Disant cela il lança un regard significatif à Bergounhoux, mais celui-ci au lieu de se fâcher confirma les paroles de son adversaire.

— Cela c’est certain, dit-il, Dieu veut donner à l’un de nous l’occasion d’expier et de racheter une faute. Est-ce Pagès, est-ce moi ? je ne sais pas.
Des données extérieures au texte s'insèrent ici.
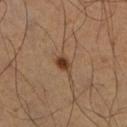Recorded during total-body skin imaging; not selected for excision or biopsy. A male patient, approximately 55 years of age. A lesion tile, about 15 mm wide, cut from a 3D total-body photograph. Measured at roughly 2.5 mm in maximum diameter. The lesion is located on the right lower leg.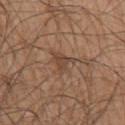Q: Was this lesion biopsied?
A: catalogued during a skin exam; not biopsied
Q: Lesion size?
A: ≈3 mm
Q: Automated lesion metrics?
A: an average lesion color of about L≈44 a*≈18 b*≈28 (CIELAB), about 8 CIELAB-L* units darker than the surrounding skin, and a normalized lesion–skin contrast near 6.5; internal color variation of about 2 on a 0–10 scale and a peripheral color-asymmetry measure near 0.5; a lesion-detection confidence of about 90/100
Q: What kind of image is this?
A: ~15 mm tile from a whole-body skin photo
Q: How was the tile lit?
A: white-light illumination
Q: Where on the body is the lesion?
A: the right upper arm
Q: Who is the patient?
A: male, in their mid- to late 70s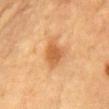Context: The lesion is located on the front of the torso. A male patient in their mid- to late 80s or older. A close-up tile cropped from a whole-body skin photograph, about 15 mm across.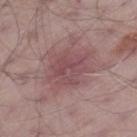Assessment: Captured during whole-body skin photography for melanoma surveillance; the lesion was not biopsied. Clinical summary: The lesion's longest dimension is about 6 mm. Automated tile analysis of the lesion measured a footprint of about 20 mm². The software also gave a color-variation rating of about 3.5/10. This is a white-light tile. A male patient aged approximately 65. On the left thigh. Cropped from a total-body skin-imaging series; the visible field is about 15 mm.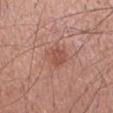Q: Was a biopsy performed?
A: catalogued during a skin exam; not biopsied
Q: How was this image acquired?
A: 15 mm crop, total-body photography
Q: Lesion location?
A: the left forearm
Q: How was the tile lit?
A: white-light
Q: Who is the patient?
A: male, approximately 35 years of age
Q: How large is the lesion?
A: about 3.5 mm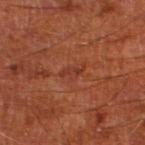Findings:
• workup — no biopsy performed (imaged during a skin exam)
• size — ≈3 mm
• body site — the left lower leg
• subject — male, aged 63–67
• acquisition — total-body-photography crop, ~15 mm field of view
• automated metrics — an area of roughly 3 mm² and an eccentricity of roughly 0.9; a lesion color around L≈35 a*≈27 b*≈31 in CIELAB, about 6 CIELAB-L* units darker than the surrounding skin, and a normalized border contrast of about 5; a classifier nevus-likeness of about 0/100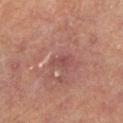biopsy status — total-body-photography surveillance lesion; no biopsy
image source — ~15 mm crop, total-body skin-cancer survey
site — the left lower leg
patient — male, in their mid-60s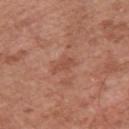| field | value |
|---|---|
| follow-up | catalogued during a skin exam; not biopsied |
| location | the left upper arm |
| image source | total-body-photography crop, ~15 mm field of view |
| size | about 2.5 mm |
| TBP lesion metrics | an area of roughly 3.5 mm², an eccentricity of roughly 0.8, and a symmetry-axis asymmetry near 0.25; a border-irregularity index near 3/10, a within-lesion color-variation index near 1/10, and peripheral color asymmetry of about 0.5; an automated nevus-likeness rating near 0 out of 100 and lesion-presence confidence of about 100/100 |
| subject | male, roughly 65 years of age |
| tile lighting | white-light illumination |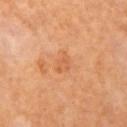Impression: Imaged during a routine full-body skin examination; the lesion was not biopsied and no histopathology is available. Acquisition and patient details: Imaged with cross-polarized lighting. About 3 mm across. A female subject, in their mid-60s. Automated tile analysis of the lesion measured a classifier nevus-likeness of about 0/100 and a lesion-detection confidence of about 100/100. Located on the arm. Cropped from a whole-body photographic skin survey; the tile spans about 15 mm.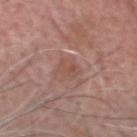Q: Was this lesion biopsied?
A: no biopsy performed (imaged during a skin exam)
Q: What lighting was used for the tile?
A: white-light
Q: What are the patient's age and sex?
A: male, aged 73 to 77
Q: How was this image acquired?
A: 15 mm crop, total-body photography
Q: Lesion location?
A: the head or neck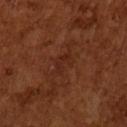This lesion was catalogued during total-body skin photography and was not selected for biopsy.
Approximately 3 mm at its widest.
A male patient in their mid-60s.
A 15 mm crop from a total-body photograph taken for skin-cancer surveillance.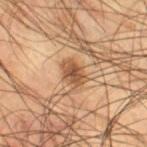Assessment:
Part of a total-body skin-imaging series; this lesion was reviewed on a skin check and was not flagged for biopsy.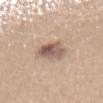Impression:
The lesion was tiled from a total-body skin photograph and was not biopsied.
Context:
A lesion tile, about 15 mm wide, cut from a 3D total-body photograph. From the abdomen. About 4.5 mm across. The total-body-photography lesion software estimated a lesion area of about 9 mm², a shape eccentricity near 0.8, and two-axis asymmetry of about 0.25. The software also gave a lesion color around L≈57 a*≈16 b*≈25 in CIELAB and a normalized border contrast of about 8. The analysis additionally found a classifier nevus-likeness of about 65/100 and a detector confidence of about 100 out of 100 that the crop contains a lesion. The patient is a female in their mid-40s. Captured under white-light illumination.

Pour moi tout ce que je peux dire, c’est que je paraîtrais devant Dieu la conscience plus tranquille si je m’étais conduit en meilleur chrétien en ces derniers temps ; je lui demande pardon de mes fautes de tout mon cœur.

Et se mettant à genoux il se frappa la poitrine.

— Pour moi, s’écria Pagès, je ne dis pas que je n’ai pas des péchés sur la conscience et je m’en confesse à vous tous ; mais mon bon ange et saint Jean, mon patron, savent bien que je n’ai jamais péché volontairement, je n’ai jamais fait de tort à personne.

Je ne sais si c’était l’influence de cette prison sombre, la peur de la mort, la faiblesse du jeûne, la clarté mystérieuse de la lampe qui éclairait à peine cette scène étrange, mais j’éprouvais une émotion profonde en écoutant cette confession publique, et comme Pagès et Bergounhoux j’étais prêt à me mettre à genoux pour me confesser avec eux.

Tout à coup derrière moi un sanglot éclata et m’étant retourné, je vis l’immense Compayrou qui se jetait à deux genoux sur la terre. Depuis quelques heures il avait abandonné le palier supérieur pour prendre sur le nôtre, la place de Carrory, et il était mon voisin.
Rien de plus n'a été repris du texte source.